2. **Middle Section (Processing & Explanations):**
* A central box labeled "LLM" receives inputs from the left section via arrows.
* The LLM outputs two detailed explanations, each in a separate box:
* **Explanation 1 (E1):** A green-bordered box outlining a three-step causal chain for blowing into a balloon, concluding with "Therefore, since I blew into the balloon, it caused the balloon to inflate, which resulted in its expansion."
* **Explanation 2 (E2):** A red-bordered box outlining a three-step causal chain for pricking a balloon, concluding with "Therefore, since the balloon was pricked, it may have deflated, resulting in a decrease in air pressure inside the balloon, causing the external air pressure to make the balloon expand."
3. **Right Section (Inference & Selection):**
* **Top Header:** "Inference to the Best Explanation (IBE)".
* **IBE Process:** A central box labeled "IBE" receives inputs from both E1 and E2.

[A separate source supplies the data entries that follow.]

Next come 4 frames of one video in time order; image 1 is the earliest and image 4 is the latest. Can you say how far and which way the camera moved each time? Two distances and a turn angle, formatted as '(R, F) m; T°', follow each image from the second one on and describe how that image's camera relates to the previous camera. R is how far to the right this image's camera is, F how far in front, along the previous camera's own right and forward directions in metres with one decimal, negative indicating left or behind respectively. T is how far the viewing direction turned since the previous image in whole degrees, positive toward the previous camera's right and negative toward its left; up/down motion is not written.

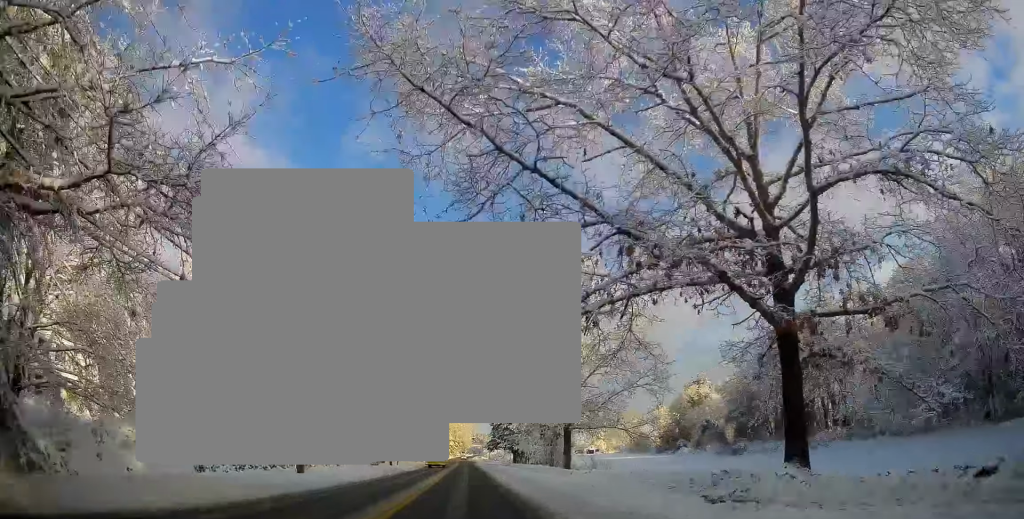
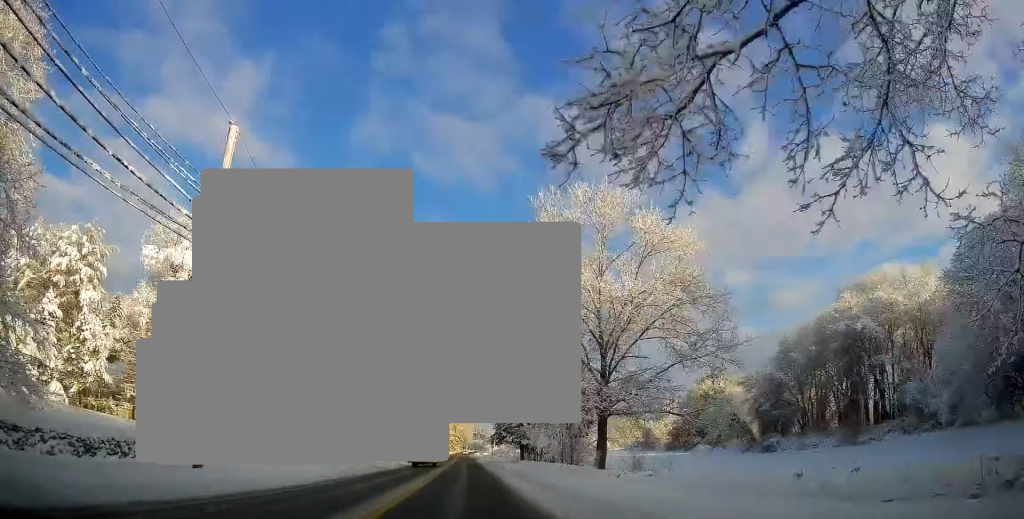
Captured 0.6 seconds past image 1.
(0.0, +10.4) m; -1°
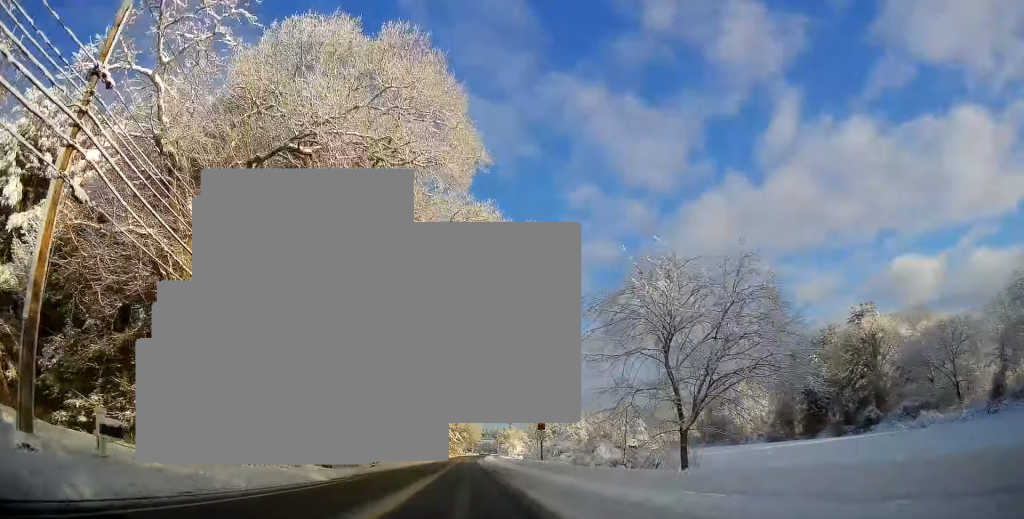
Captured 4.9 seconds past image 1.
(-0.8, +78.5) m; 0°
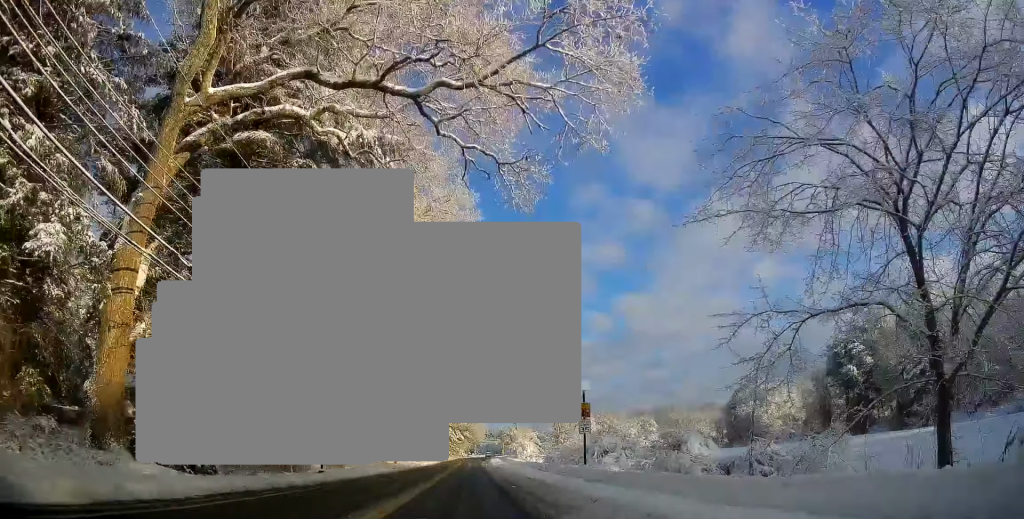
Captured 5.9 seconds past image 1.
(+0.7, +17.5) m; 0°

* **Selection Criteria:** Two identical tables labeled "Selection Criteria" are positioned above and below the IBE box, linked to E1 and E2 respectively. Each table lists four criteria with numerical scores:
**Selection Criteria for E1:**
| Criterion | Score |
|--------------|-------|
| Consistency | 1.0 |
| Parsimony | -2.0 |
| Coherence | 0.51 |
| Uncertainty | 2.0 |
**Selection Criteria for E2:**
| Criterion | Score |
|--------------|-------|
| Consistency | 1.0 |
| Parsimony | -3.0 |
| Coherence | 0.28 |
| Uncertainty | 3.0 |
* **Output:** The IBE box has two output arrows. One points to "E1" with a green checkmark (✓). The other points to "E2" with a red cross (✗), indicating E1 is selected as the best explanation.
### Detailed Analysis
* **Flow of Logic:** The diagram maps a complete reasoning pipeline:
1. A causal question is posed.
2. Competing hypotheses are formulated as logical premises.

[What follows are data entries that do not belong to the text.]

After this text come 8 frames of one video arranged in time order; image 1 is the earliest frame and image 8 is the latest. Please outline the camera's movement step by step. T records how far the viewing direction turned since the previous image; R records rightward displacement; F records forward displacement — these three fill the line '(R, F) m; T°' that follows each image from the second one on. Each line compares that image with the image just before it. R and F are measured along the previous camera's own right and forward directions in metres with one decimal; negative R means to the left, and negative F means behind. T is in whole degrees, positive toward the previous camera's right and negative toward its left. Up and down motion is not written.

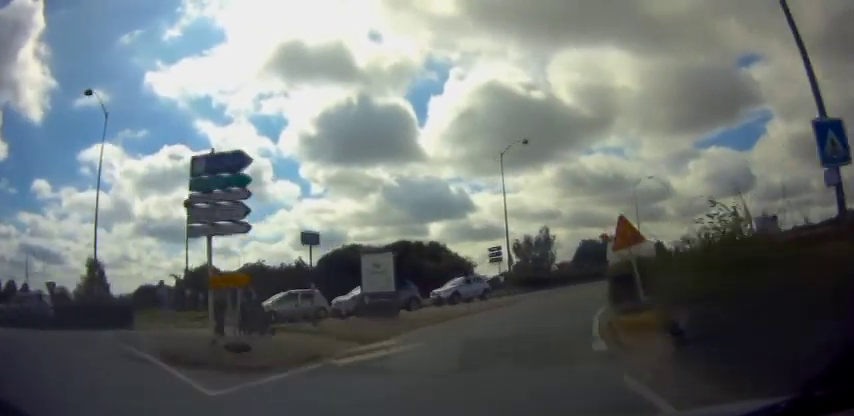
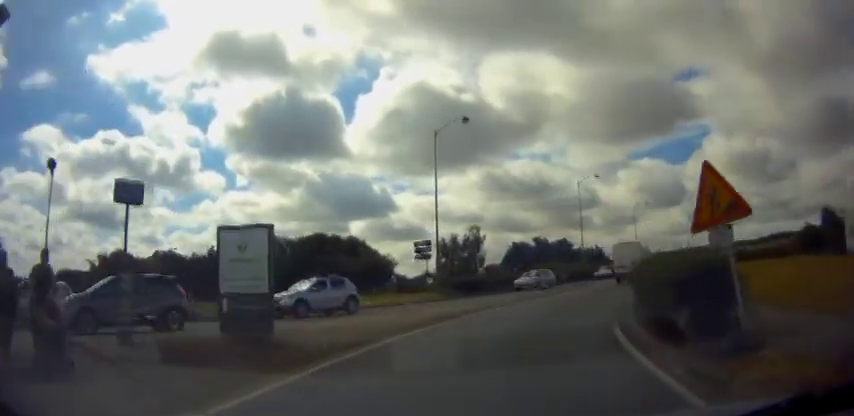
(+0.5, +7.0) m; +11°
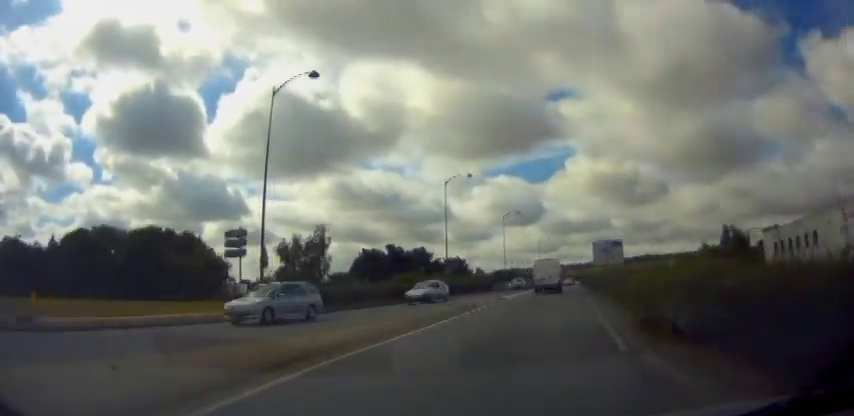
(+1.5, +10.8) m; +16°
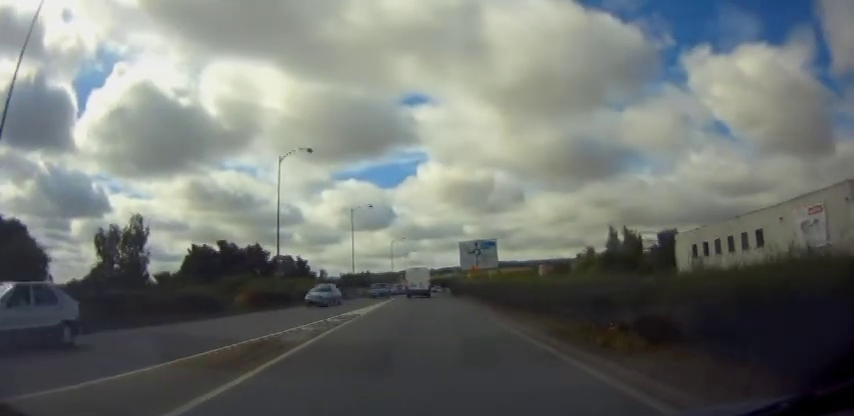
(+1.1, +9.7) m; +9°
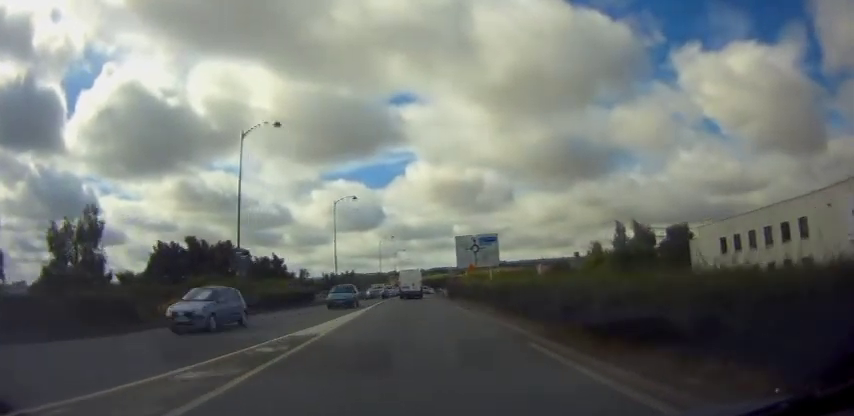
(+0.1, +3.8) m; +2°
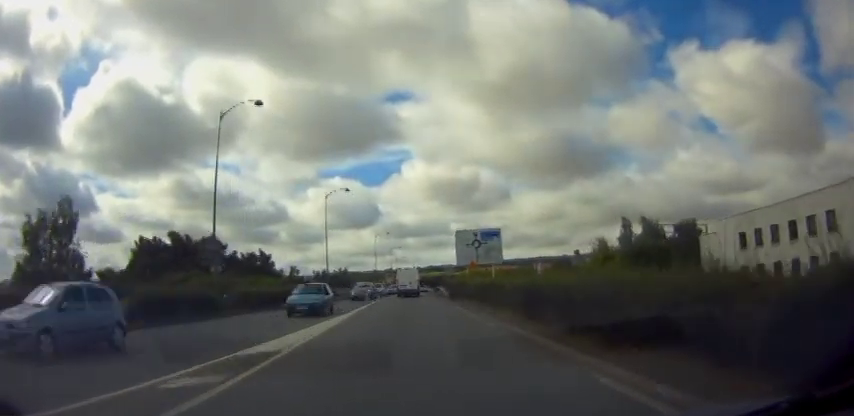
(0.0, +2.0) m; 0°
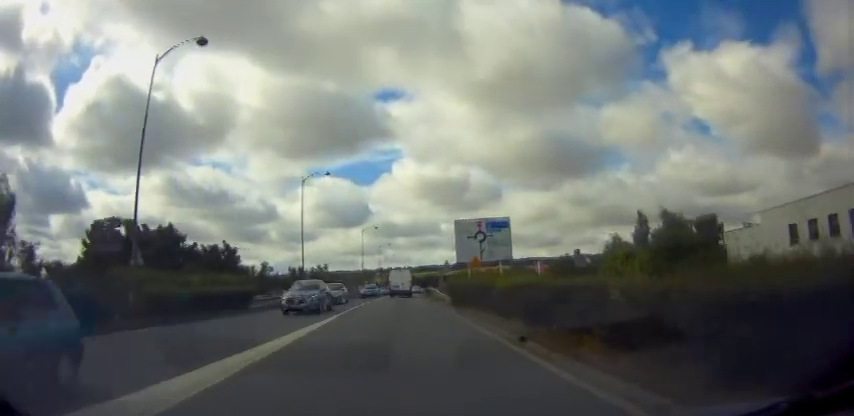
(0.0, +7.6) m; +1°
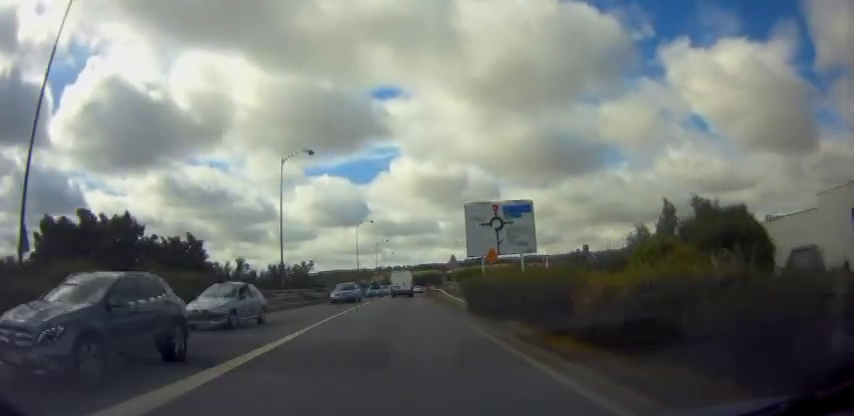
(0.0, +8.7) m; 0°

3. An LLM is prompted to generate step-by-step causal explanations for each hypothesis.
4. Each explanation is evaluated against a set of four selection criteria (Consistency, Parsimony, Coherence, Uncertainty), resulting in numerical scores.

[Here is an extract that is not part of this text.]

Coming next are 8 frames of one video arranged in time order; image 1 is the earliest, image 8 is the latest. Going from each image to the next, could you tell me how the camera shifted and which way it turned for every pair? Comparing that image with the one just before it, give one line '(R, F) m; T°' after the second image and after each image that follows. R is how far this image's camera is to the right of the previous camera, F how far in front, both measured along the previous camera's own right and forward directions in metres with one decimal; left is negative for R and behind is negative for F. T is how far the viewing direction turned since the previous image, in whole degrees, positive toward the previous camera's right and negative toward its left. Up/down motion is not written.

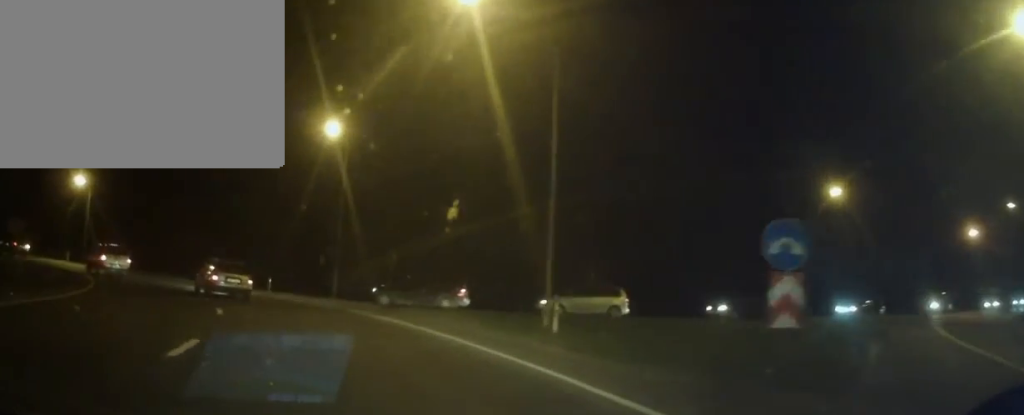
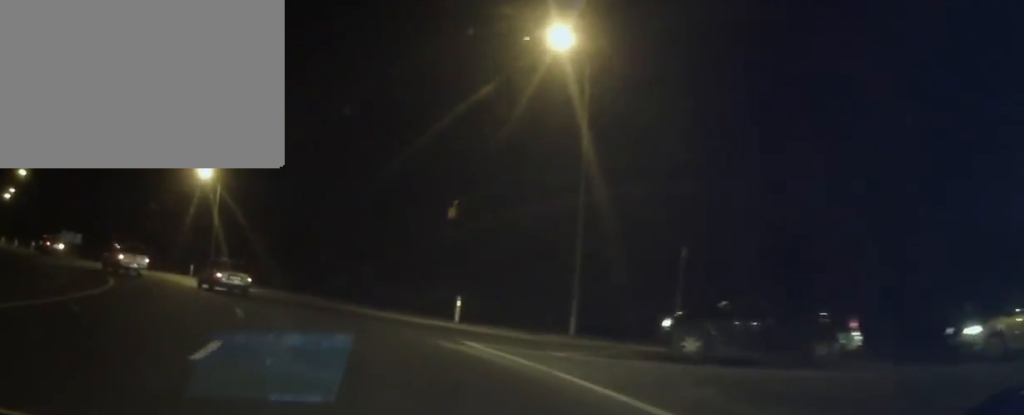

5. An Inference to the Best Explanation (IBE) mechanism compares the scored explanations and selects the one with the superior profile (E1 in this case).
* **Explanation Content:**
* **E1 (Blowing):** Follows a direct, additive causal path: Blow -> Inflate -> Expand. Assumptions are straightforward commonsense physics.
* **E2 (Pricking):** Follows a more complex, counter-intuitive path: Prick -> Deflate -> Decrease Internal Pressure -> External Pressure Causes Expansion. This chain relies on the less obvious principle that a decrease in internal pressure can lead to external expansion.
* **Scoring:** The numerical scores quantify the evaluation. E1 scores better (higher) on Parsimony (-2.0 vs -3.0) and Coherence (0.51 vs 0.28), and has lower Uncertainty (2.0 vs 3.0). Both have identical Consistency (1.0).
### Key Observations
1. **Visual Coding:** The diagram uses color consistently: green for the selected hypothesis/explanation (E1) and red for the rejected one (E2). Blue and purple text highlight key logical statements in the hypotheses.
2. **Structural Separation:** The dashed vertical lines clearly demarcate the three phases of the process: Problem Formulation, Explanation Generation, and Explanation Selection.
3. **Complexity Contrast:** The explanation for the less intuitive cause (pricking leading to expansion via deflation) is notably more complex (3 steps with a counter-intuitive final step) than the explanation for the intuitive cause (blowing).
4. **Quantified Evaluation:** The application of specific numerical scores to abstract criteria like "Parsimony" and "Coherence" is a key feature, suggesting a formalized or computational approach to evaluating explanations.
### Interpretation
This diagram serves as a conceptual model for how an AI system, specifically an LLM, can be structured to perform causal reasoning in a transparent and evaluative manner. It moves beyond simple answer generation to a process that:
* **Generates Multiple Hypotheses:** Explicitly considers competing causes.
* **Articulates Causal Mechanisms:** Requires step-by-step logical proofs with underlying assumptions, making the reasoning traceable.
* **Applies Formal Evaluation:** Uses a defined set of epistemic criteria (Consistency, Parsimony, Coherence, Uncertainty) to judge explanations, introducing objectivity.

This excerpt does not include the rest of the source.